This project demonstrates how to use SQL for data preprocessing and feature engineering to train a machine learning model for network intrusion detection.
The data used in this project is simulated network traffic data from an enterprise network. It includes features such as source/destination IP, port, protocol, and timestamps. If you want to download the data here is the link for it. "https://unsw-my.sharepoint.com/:f:/g/personal/z5025758_ad_unsw_edu_au/EnuQZZn3XuNBjgfcUu4DIVMBLCHyoLHqOswirpOQifr1ag?e=gKWkLS"
The "sql" folder contains the following SQL scripts:
data_cleaning.sql: Cleans the raw data and handles missing values.feature_engineering.sql: Creates new features from the raw data, including aggregations and time-series features.data_export.sql: Exports the processed data in CSV format for model training.
The "python" folder contains Python code for training a Random Forest model using scikit-learn.

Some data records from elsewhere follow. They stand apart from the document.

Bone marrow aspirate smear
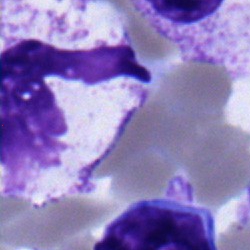 {"cell_type": "segmented neutrophil", "lineage": "myeloid"}
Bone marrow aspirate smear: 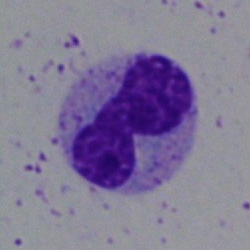

Segmented neutrophil.
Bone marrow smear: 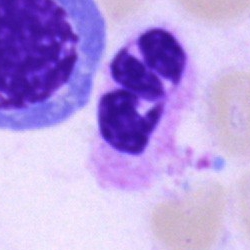 Q: What is the morphological classification of this cell?
A: A segmented neutrophil.
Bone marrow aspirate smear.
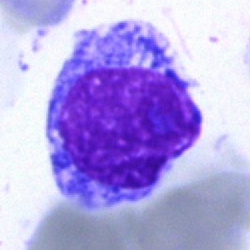
Specimen: bone marrow smear.
Morphological class: promyelocyte.
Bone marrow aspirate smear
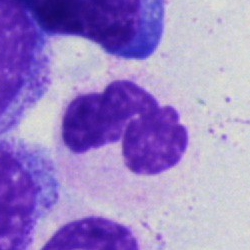The cell shown is a neutrophil (segmented).
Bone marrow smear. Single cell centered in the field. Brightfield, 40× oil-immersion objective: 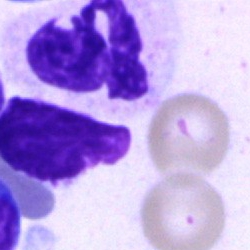
This is a segmented neutrophil.
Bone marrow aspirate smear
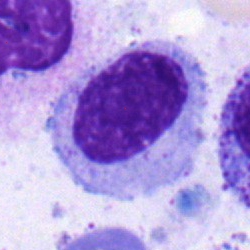Q: What is the morphological classification of this cell?
A: A myelocyte.
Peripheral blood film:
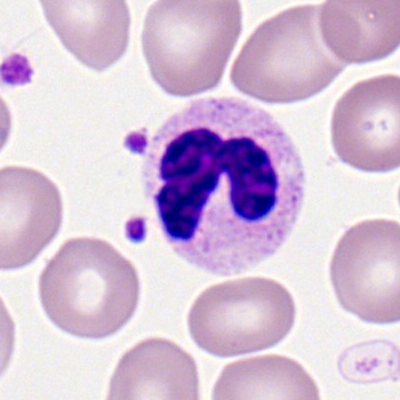 Cell = neutrophil (segmented).
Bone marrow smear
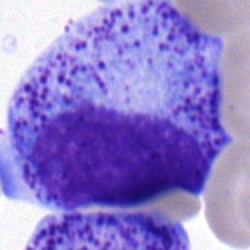 Morphological class: promyelocyte.
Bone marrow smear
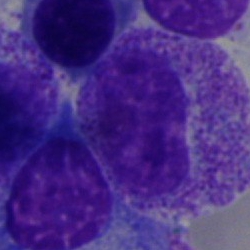

Impression → metamyelocyte.
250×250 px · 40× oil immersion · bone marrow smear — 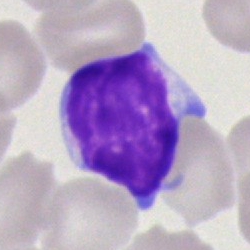
Single cell identified as a typical lymphocyte.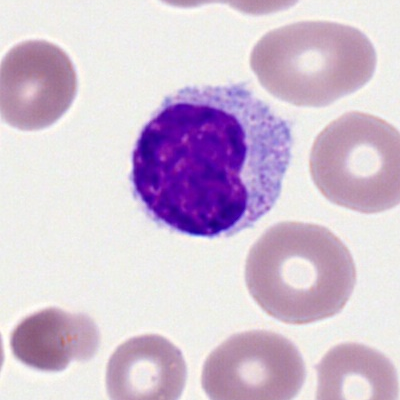
Specimen: peripheral blood smear.
Cell type: lymphocyte.

- Load the raw data into a SQL database (e.g., PostgreSQL, MySQL).
- Run the SQL scripts in the following order:
data_cleaning.sql,feature_engineering.sql,data_export.sql. - Use the exported CSV file to train the machine learning model using the Python code.
The new features developed in this project improved the Random Forest model accuracy by 12% in identifying malicious network activity.